During a long time, we have been observing an absence of a possibility to determine causes of problems in education of certain pupils in schools and professional diagnostic centres.
At school the new children using a different mother tongue seem to have insufficient knowledge of Czech. As teachers, child counsellors and psychologists do not know the cultural background of pupils well, and do not master using standardised international tests so well, they are often unable to assess properly:
- the actual level of the Czech language knowledge of the pupil having a different mother tongue so necessary for study of a particular subject in the lower secondary school (junior high school), and in the first school (elementary school) the scope of vocabulary or word stock of the pupil and his/her orientation in the actual society and its culture.
- reasons for poor Czech which can be the reflection of insufficient language learning, low potential for learning Czech, low language competence, personality traits or negative social influences…
In the course of primary diagnostics in the Czech Republic, there is a testing of the different mother tongue language level missing. That would provide for assessing whether and how much pronunciation, vocabulary, phrase structure and style of the Czech language of a particular child is comparable with the mother tongue of the child.
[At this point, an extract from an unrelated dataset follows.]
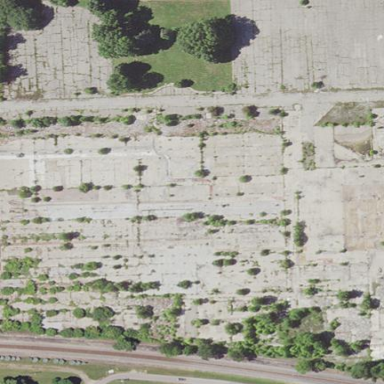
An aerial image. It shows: Brownfield site.

In discussions between the parents of children using different mother tongue and teachers, but unfortunately also in interactions with Czech specialists, so called "migration query" is missing in case history forms, i.e. there is no analysis of the number of living environment changes in the child´s life, no analysis of Czech language learning history, no analysis of time spent with parents, which reduces the possibility of coming to effective conclusions concerning methods for improving the situation of the child. Based on our experience, all that can lead even to potential serious damage to the health of the child as the mentioned deficiencies influence also communication between parents and medical practitioners, but also hospital doctors.
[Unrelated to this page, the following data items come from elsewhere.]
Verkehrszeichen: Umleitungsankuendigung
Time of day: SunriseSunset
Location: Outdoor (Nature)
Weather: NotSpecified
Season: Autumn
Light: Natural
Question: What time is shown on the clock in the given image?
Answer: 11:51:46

As regards the adult patients, more efficient psychiatric and psychological methods are often missing, as local specialists are sometimes refusing to work with patients through interpreters, or their communication is ineffective due to lack of knowledge of their cultural background. That is why we have established co-operation with a Vietnamese psychiatrist who will focus on basic language diagnostics for children and basic psychological-and psychiatric diagnostics for adults. Such consultancy will be varied out on-line. In the period of pilot project verification, a large screen having a diagonal of 150 cm was bought in order the client has at least a bit of feeling of being in the presence of the specialist. There will be a camera for recording of certain diagnostic processes bought, too.
All this may contribute to the process of inclusion very much thanks to better setting of procedures aiming at solution to problems of clients, as well as to better psychiatric diagnostics of adults.